また、図17では、磁気的貫通孔32を採用していることで、図6(b)の場合よりもティース4aの回転方向後方側でロータコア6の回転方向前方側に傾倒した表面力ベクトルが増加している。これは、磁気的貫通孔32の中央側内壁面23と外周側内壁面22との間の曲面24aが、他の曲面24b,24d,24eよりも曲率半径が大きく設定されていることで、曲面24a近傍の磁気的抵抗が低下したためである。
図18に示すように、電気角度が30度の場合は、上述した図7(b)の場合と同様に、ロータコア6の外周面11に対して磁気的貫通孔32を有さない場合よりもロータコア6の回転方向前方側に傾斜して交差される。
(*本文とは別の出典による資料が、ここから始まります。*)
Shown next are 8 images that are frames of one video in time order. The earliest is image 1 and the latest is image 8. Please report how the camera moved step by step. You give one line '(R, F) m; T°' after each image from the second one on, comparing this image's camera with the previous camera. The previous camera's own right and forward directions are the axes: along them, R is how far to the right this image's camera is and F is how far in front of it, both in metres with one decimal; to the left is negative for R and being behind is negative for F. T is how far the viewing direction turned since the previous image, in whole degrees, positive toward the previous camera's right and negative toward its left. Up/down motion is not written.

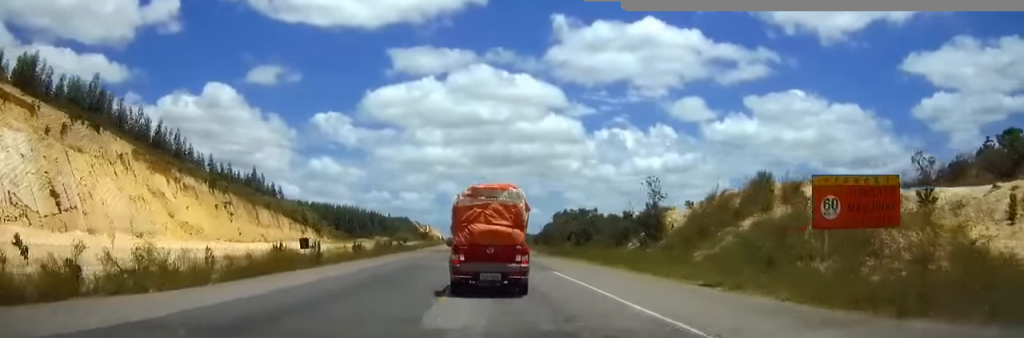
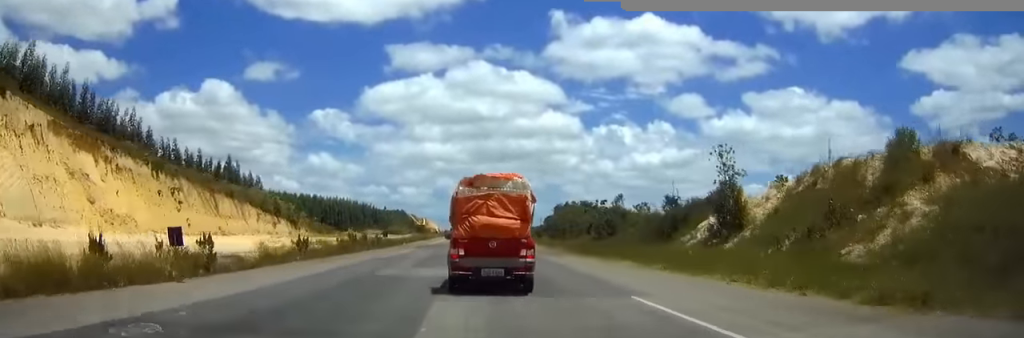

すなわち、磁気的貫通孔32を有する場合の磁束線は、磁気的貫通孔32が無い場合の磁束線よりも、外周面11に対して斜めに交差されており、言い換えると、磁気的貫通孔32を有する場合の磁束線は、磁気的貫通孔32が無い場合の磁束線よりも、ロータコア6の外周面11に対する接線となす角度が小さい。このことで、表面力ベクトルは、上述した電気角度0度の場合と同様に、ティース4bの回転方向後方側でロータコア6の回転方向前方側に傾倒したものが増加している。
つまり、磁気的貫通孔32を有し、電気角度が30度の場合の表面力ベクトルは、磁気的貫通孔32が無い場合の表面力ベクトルに比べて、ティース4bの回転方向後方側で、ロータコア6の外周面11に対する接線となす角度が小さいものが増加する。したがって、磁気的貫通孔32を有する場合の表面力ベクトルの内、磁気的貫通孔32が無い場合の表面力ベクトルに比べて、ロータコア6の外周面11に対する接線となす角度が小さいものは回転トルクに寄与する割合が大きいため、回転トルクの低下を抑制している。以上のように、磁気的貫通孔32を形成したことにより、磁束線の経路において磁気抵抗が増加した場合においても、回転トルクが低下することが抑制され、平均トルクの低下が防止されている。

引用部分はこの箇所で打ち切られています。